何かアドバイスの一つもできたら良いんだけど、素人だからなー…。
「それじゃ今度は2人で来い」
「分かった」
レジーナさんとの連携を確かめるって感じかな。
「…エッジさん、少しよろしいですか?」
ん?メリルさんがヤハネさんとの話を終えてこちらに来たようだけど、なんだろう?
「明日からの依頼に関してです」
「なんでしょう?」
「基本的には外域での依頼を受けるようにして下さい。そして必ず、一人ではなくユニットで出て下さい。なるべくヤハネが一緒になるようお願いしましたので、遠慮なく連れて行って下さいね?」
「はい。…ヤハネさんは大丈夫ですか?」
「…エッジならいい」
とても素直になっているのは、脅されたとかじゃないですよね?
「エッジさんには苦労をかけるとは思いますが、悪くない条件ですので、ここはひとつよろしくお願いします」
「あ、はい、こちらこそよろしくお願いします」
何はともあれありがたい事だから、しっかりとお辞儀をする。
「これであの子達も加わるとなれば、外域ではそうそう問題にならないでしょう。

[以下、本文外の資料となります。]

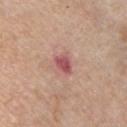  biopsy_status: not biopsied; imaged during a skin examination
  patient:
    sex: male
    age_approx: 60
  image:
    source: total-body photography crop
    field_of_view_mm: 15
  site: chest
  automated_metrics:
    cielab_L: 53
    cielab_a: 29
    cielab_b: 21
    vs_skin_darker_L: 12.0
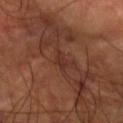workup=no biopsy performed (imaged during a skin exam)
automated metrics=about 5 CIELAB-L* units darker than the surrounding skin and a normalized border contrast of about 5.5
subject=male, approximately 55 years of age
lesion diameter=~2.5 mm (longest diameter)
illumination=cross-polarized illumination
acquisition=~15 mm tile from a whole-body skin photo
body site=the right forearm
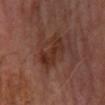workup=catalogued during a skin exam; not biopsied | acquisition=total-body-photography crop, ~15 mm field of view | lighting=cross-polarized illumination | patient=male, roughly 70 years of age | body site=the leg | lesion size=about 4 mm | automated metrics=a border-irregularity index near 5/10, a color-variation rating of about 3/10, and a peripheral color-asymmetry measure near 1; an automated nevus-likeness rating near 0 out of 100 and a lesion-detection confidence of about 100/100.
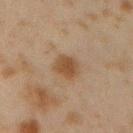Captured during whole-body skin photography for melanoma surveillance; the lesion was not biopsied. Automated tile analysis of the lesion measured an area of roughly 6 mm² and a shape-asymmetry score of about 0.2 (0 = symmetric). And it measured a mean CIELAB color near L≈39 a*≈15 b*≈28, about 8 CIELAB-L* units darker than the surrounding skin, and a lesion-to-skin contrast of about 8.5 (normalized; higher = more distinct). And it measured a border-irregularity rating of about 2/10, a within-lesion color-variation index near 1.5/10, and peripheral color asymmetry of about 0.5. A male patient aged approximately 45. On the arm. The lesion's longest dimension is about 3 mm. The tile uses cross-polarized illumination. This image is a 15 mm lesion crop taken from a total-body photograph.
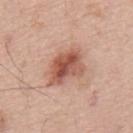Captured during whole-body skin photography for melanoma surveillance; the lesion was not biopsied. A male subject roughly 65 years of age. On the mid back. This is a white-light tile. A 15 mm close-up extracted from a 3D total-body photography capture.
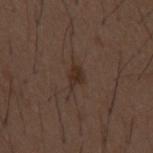Recorded during total-body skin imaging; not selected for excision or biopsy. Imaged with white-light lighting. A roughly 15 mm field-of-view crop from a total-body skin photograph. The patient is a male roughly 50 years of age. About 2.5 mm across. Located on the mid back.
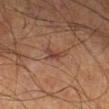  biopsy_status: not biopsied; imaged during a skin examination
  patient:
    sex: male
    age_approx: 65
  site: left lower leg
  lesion_size:
    long_diameter_mm_approx: 3.0
  image:
    source: total-body photography crop
    field_of_view_mm: 15
  lighting: cross-polarized
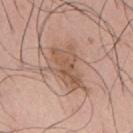anatomic site = the mid back
subject = male, approximately 40 years of age
TBP lesion metrics = a lesion area of about 14 mm² and two-axis asymmetry of about 0.4; a lesion color around L≈56 a*≈19 b*≈29 in CIELAB, a lesion–skin lightness drop of about 9, and a normalized lesion–skin contrast near 7; border irregularity of about 4.5 on a 0–10 scale, internal color variation of about 4.5 on a 0–10 scale, and peripheral color asymmetry of about 1.5
image = total-body-photography crop, ~15 mm field of view
lesion diameter = about 6 mm
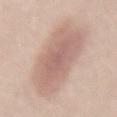Assessment: Imaged during a routine full-body skin examination; the lesion was not biopsied and no histopathology is available. Acquisition and patient details: The lesion's longest dimension is about 9.5 mm. On the lower back. Captured under white-light illumination. A female patient in their mid-40s. A 15 mm crop from a total-body photograph taken for skin-cancer surveillance.
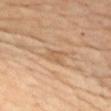| key | value |
|---|---|
| notes | imaged on a skin check; not biopsied |
| patient | female, aged 58 to 62 |
| imaging modality | total-body-photography crop, ~15 mm field of view |
| location | the front of the torso |
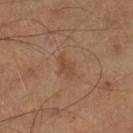Q: Was a biopsy performed?
A: imaged on a skin check; not biopsied
Q: How was this image acquired?
A: total-body-photography crop, ~15 mm field of view
Q: What is the anatomic site?
A: the left lower leg
Q: What is the lesion's diameter?
A: about 3 mm
Q: What did automated image analysis measure?
A: an automated nevus-likeness rating near 20 out of 100 and lesion-presence confidence of about 100/100
Q: What lighting was used for the tile?
A: cross-polarized illumination
Q: Who is the patient?
A: male, aged 43–47
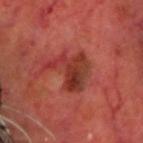Impression: The lesion was photographed on a routine skin check and not biopsied; there is no pathology result. Acquisition and patient details: From the head or neck. The lesion-visualizer software estimated an eccentricity of roughly 0.65 and two-axis asymmetry of about 0.6. And it measured a mean CIELAB color near L≈36 a*≈31 b*≈29, roughly 9 lightness units darker than nearby skin, and a normalized lesion–skin contrast near 8. And it measured border irregularity of about 8 on a 0–10 scale. The analysis additionally found a nevus-likeness score of about 0/100 and lesion-presence confidence of about 100/100. Captured under cross-polarized illumination. A male subject aged 68 to 72. A lesion tile, about 15 mm wide, cut from a 3D total-body photograph. Measured at roughly 5 mm in maximum diameter.
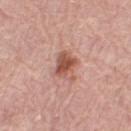Notes:
– follow-up: no biopsy performed (imaged during a skin exam)
– image source: 15 mm crop, total-body photography
– illumination: white-light
– anatomic site: the right thigh
– subject: female, aged approximately 70
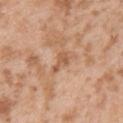<record>
  <biopsy_status>not biopsied; imaged during a skin examination</biopsy_status>
  <automated_metrics>
    <shape_asymmetry>0.5</shape_asymmetry>
    <border_irregularity_0_10>5.5</border_irregularity_0_10>
    <peripheral_color_asymmetry>0.5</peripheral_color_asymmetry>
    <nevus_likeness_0_100>0</nevus_likeness_0_100>
  </automated_metrics>
  <lighting>white-light</lighting>
  <image>
    <source>total-body photography crop</source>
    <field_of_view_mm>15</field_of_view_mm>
  </image>
  <lesion_size>
    <long_diameter_mm_approx>3.0</long_diameter_mm_approx>
  </lesion_size>
  <site>upper back</site>
  <patient>
    <sex>male</sex>
    <age_approx>25</age_approx>
  </patient>
</record>
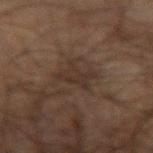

…やはりアニマというだけあって基礎能力は高いですね。私も後で手合わせしなければ…」
メリルさん、戦闘狂じゃないですよね!?視線が鋭いですよ?
そんなこんなで、ヒトがちらほら入ってきた所で解散となりました。あとは宿に帰ってゆっくり休むだけ…と思いきや、マッサージの要望がアルセラさんとメリルさんから舞い込んできましたよ。アルセラさんは明日からの調査に備えて、メリルさんはあまり寝ていない疲れが溜まったようです。
僕も眠いけど…ここは一つ頑張って癒すとしましょう!!
あー…欠伸がでるなぁ………。
称号は所謂、ジョブみたいな感じです。